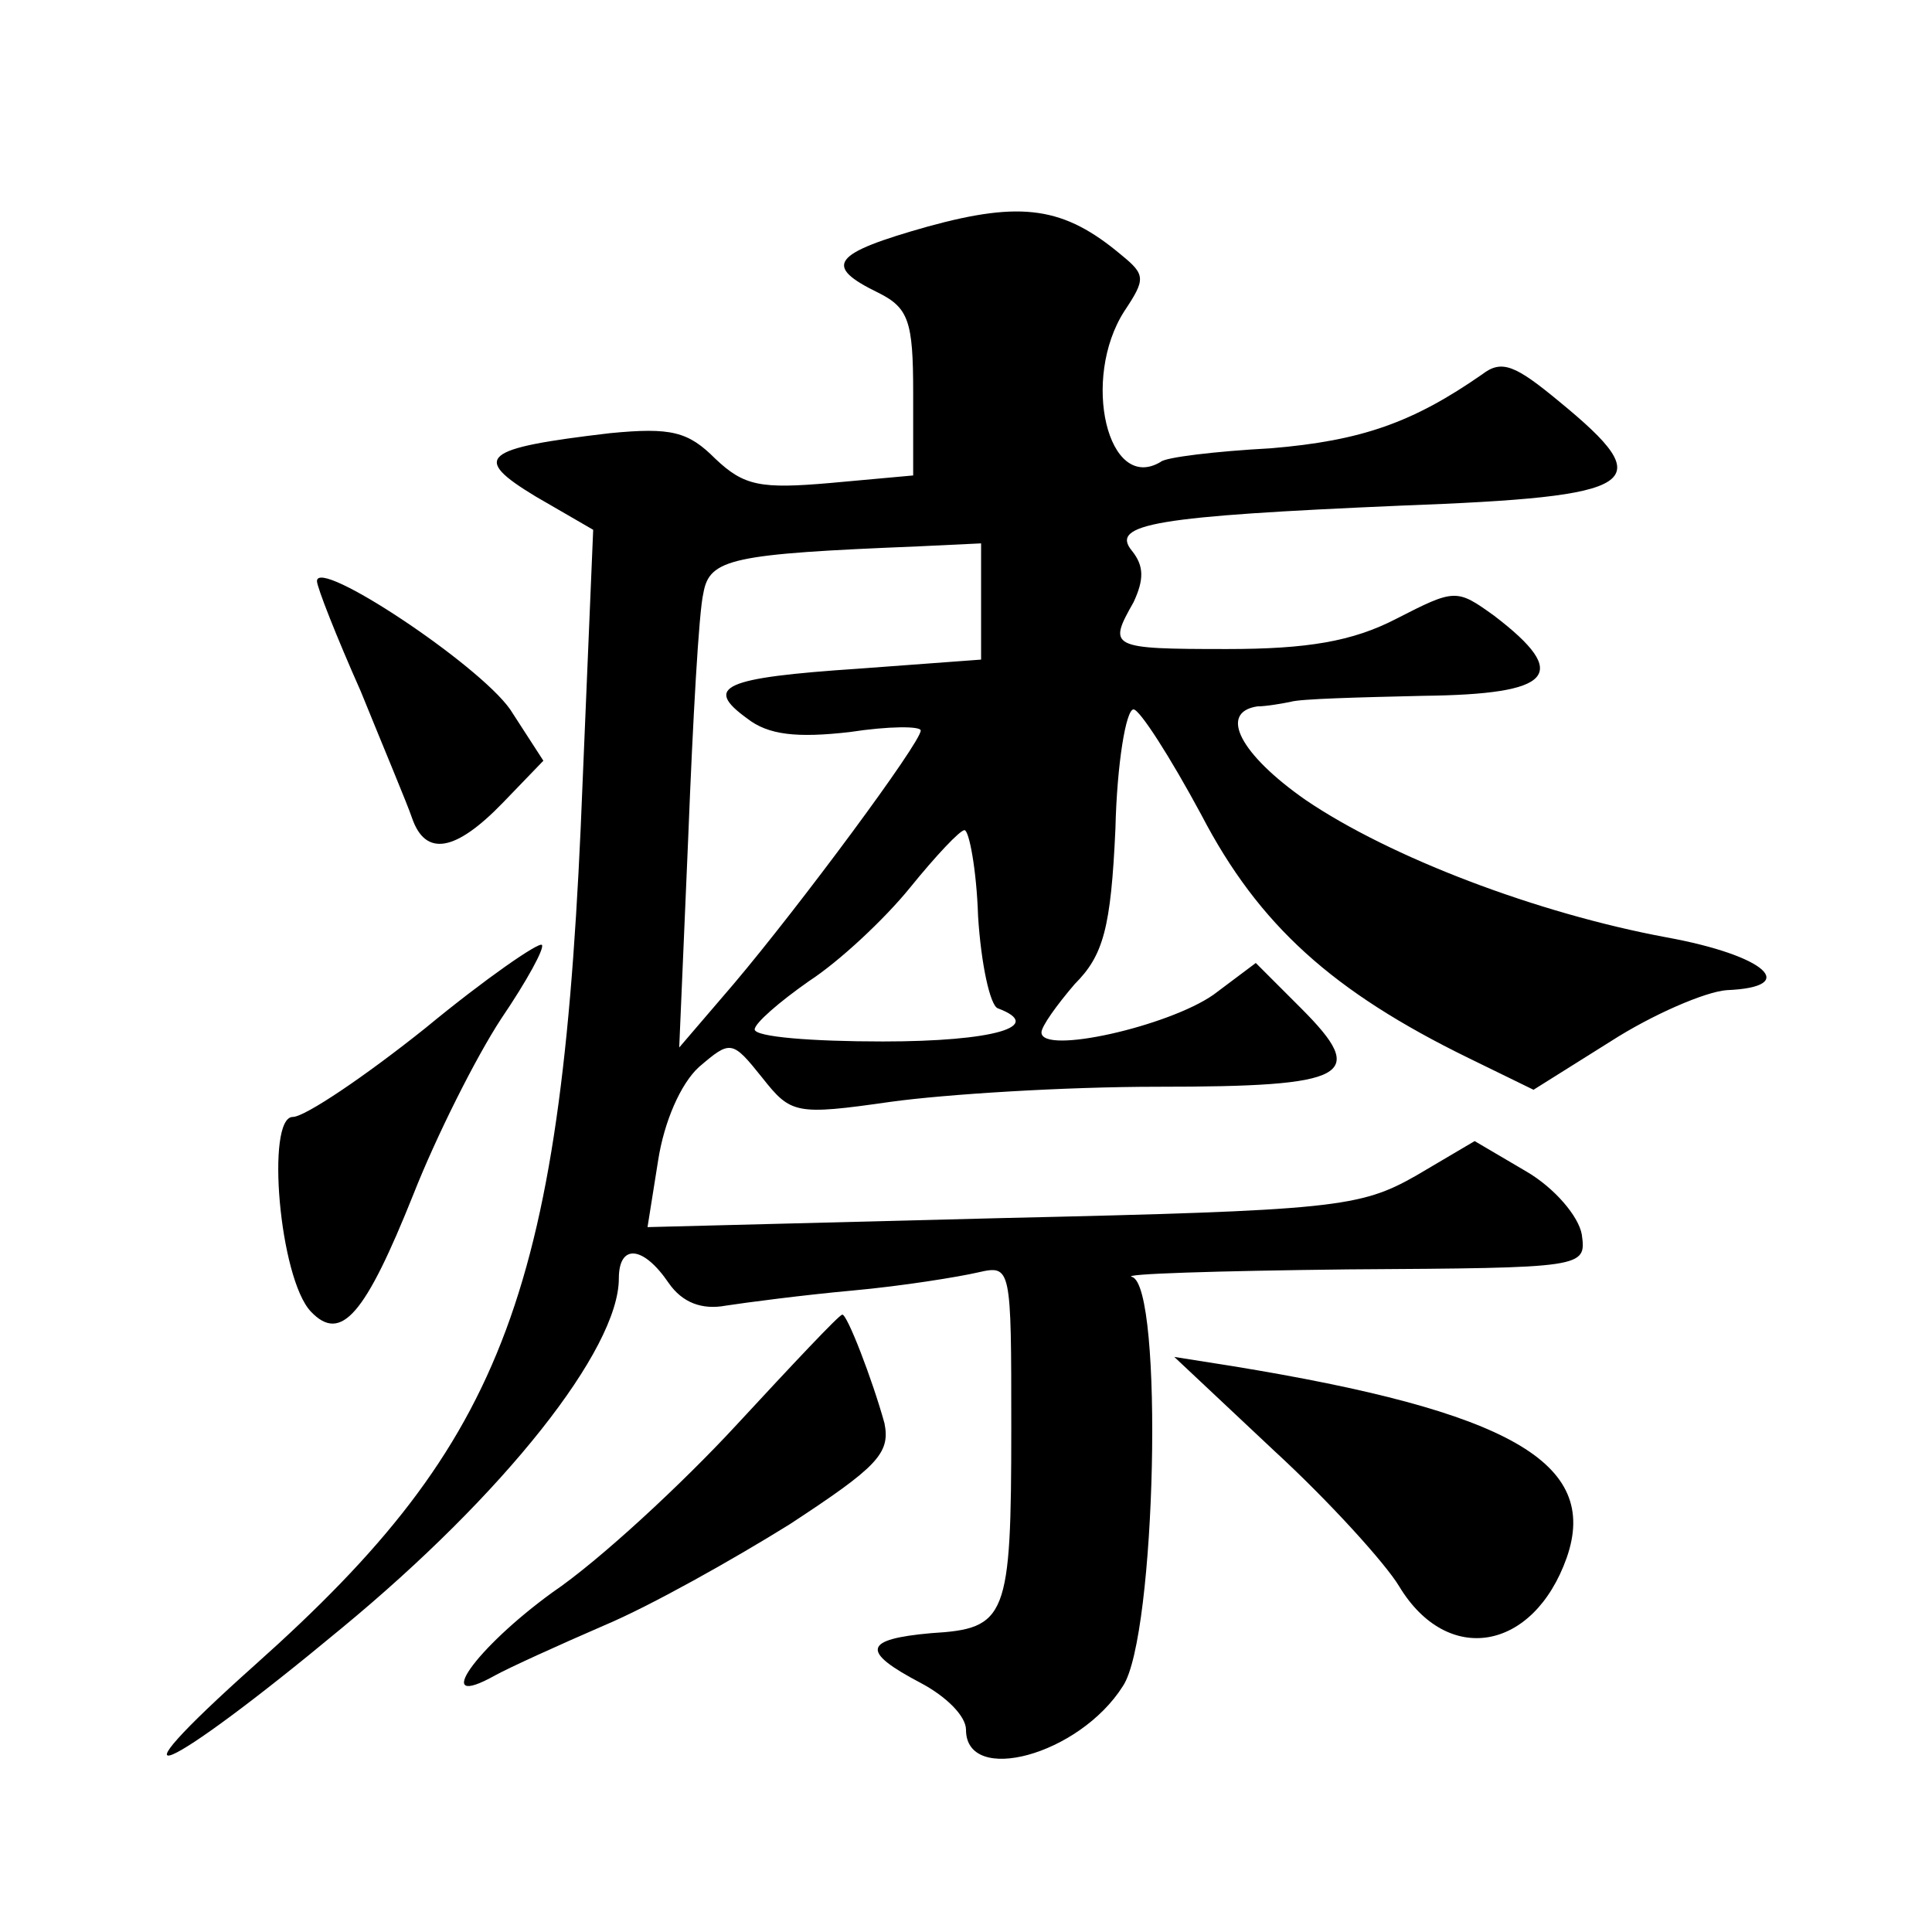 <?xml version="1.0" standalone="no"?>
<!DOCTYPE svg PUBLIC "-//W3C//DTD SVG 20010904//EN"
 "http://www.w3.org/TR/2001/REC-SVG-20010904/DTD/svg10.dtd">
<svg version="1.0" xmlns="http://www.w3.org/2000/svg"
 width="128pt" height="128pt" viewBox="0 0 128 128"
 preserveAspectRatio="xMidYMid meet">
<g transform="translate(0,128) scale(0.1,-0.1)"
fill="#0" stroke="none">
<path d="M615 1130 c-64 -18 -70 -26 -33 -44 20 -10 23 -19 23 -66 l0 -55 -55 -5
c-46 -4 -57 -2 -76 16 -18 18 -29 21 -70 17 -85 -10 -92 -16 -49 -42 l38 -22 -7
-167 c-13 -337 -50 -436 -217 -585 -103 -92 -61 -74 57 24 108 89 184 185 184 232
0 23 16 22 33 -3 9 -13 22 -18 38 -15 13 2 51 7 84 10 33 3 70 9 83 12 22 5 22
4 22 -103 0 -126 -3 -133 -53 -136 -45 -4 -47 -12 -7 -33 17 -9 30 -22 30 -31 0
-37 75 -17 104 29 22 33 27 265 6 271 -8 2 56 4 143 5 157 1 158 1 155 23 -2 12
-18 31 -37 42 l-34 20 -39 -23 c-37 -21 -54 -23 -274 -28 l-235 -6 7 44 c4 26 15
51 27 62 21 18 22 18 42 -7 19 -24 22 -25 85 -16 36 5 115 10 177 10 127 0 140
7 95 52 l-30 30 -28 -21 c-30 -21 -114 -40 -114 -25 0 4 10 18 22 32 19 19 24 37
27 103 1 43 7 79 12 79 4 0 24 -31 45 -70 38 -73 87 -117 177 -161 l43 -21 51 32
c28 18 63 33 77 34 49 2 26 23 -40 35 -86 16 -183 53 -239 91 -43 30 -58 58 -32
62 6 0 17 2 22 3 6 2 45 3 88 4 86 1 98 14 47 53 -25 18 -26 18 -65 -2 -29 -15
-59 -20 -112 -20 -78 0 -79 1 -62 31 7 15 7 24 -1 34 -15 18 16 23 178 30 160 6
172 14 105 69 -29 24 -38 28 -51 18 -46 -32 -80 -44 -140 -49 -37 -2 -70 -6 -73
-9 -35 -21 -53 55 -24 100 14 21 14 24 -2 37 -38 32 -66 36 -128 19z m35 -249 l0
-38 -81 -6 c-90 -6 -103 -12 -74 -33 14 -11 33 -13 68 -9 26 4 47 4 47 1 0 -8 -80
-116 -124 -168 l-36 -42 6 140 c3 76 7 149 10 161 4 23 19 26 142 31 l42 2 0 -39z
m-2 -208 c2 -32 8 -59 13 -61 32 -12 -3 -22 -76 -22 -47 0 -85 3 -85 8 0 4 16 18
36 32 20 13 50 41 67 62 17 21 33 38 36 38 3 0 8 -26 9 -57z M210 895 c0 -4 13
-37 29 -73 15 -37 31 -75 34 -84 9 -26 29 -22 60 10 l27 28 -22 34 c-21 30 -128
101 -128 85z M282 599 c-40 -32 -80 -59 -88 -59 -18 0 -9 -107 12 -129 20 -21 36
-2 68 78 15 38 41 90 58 116 17 25 29 47 27 49 -2 2 -37 -22 -77 -55z M488 336
c-36 -39 -91 -90 -122 -111 -51 -37 -81 -79 -38 -55 9 5 42 20 72 33 31 13 86 44
123 67 58 38 67 47 63 67 -8 29 -25 73 -28 72 -2 0 -33 -33 -70 -73z M844 319 c37
-34 74 -75 83 -90 32 -53 89 -43 111 19 22 63 -38 97 -222 127 l-38 6 66 -62z"/>
</g>
</svg>

□ □ □

WORK INSTRUCTION - Out of the listing above, reproduce exactly the lines from the one with "c28 18 63 33" up to and including the one with "-59 -20 -112".

YOUR SOLUTION -
c28 18 63 33 77 34 49 2 26 23 -40 35 -86 16 -183 53 -239 91 -43 30 -58 58 -32
62 6 0 17 2 22 3 6 2 45 3 88 4 86 1 98 14 47 53 -25 18 -26 18 -65 -2 -29 -15
-59 -20 -112 -20 -78 0 -79 1 -62 31 7 15 7 24 -1 34 -15 18 16 23 178 30 160 6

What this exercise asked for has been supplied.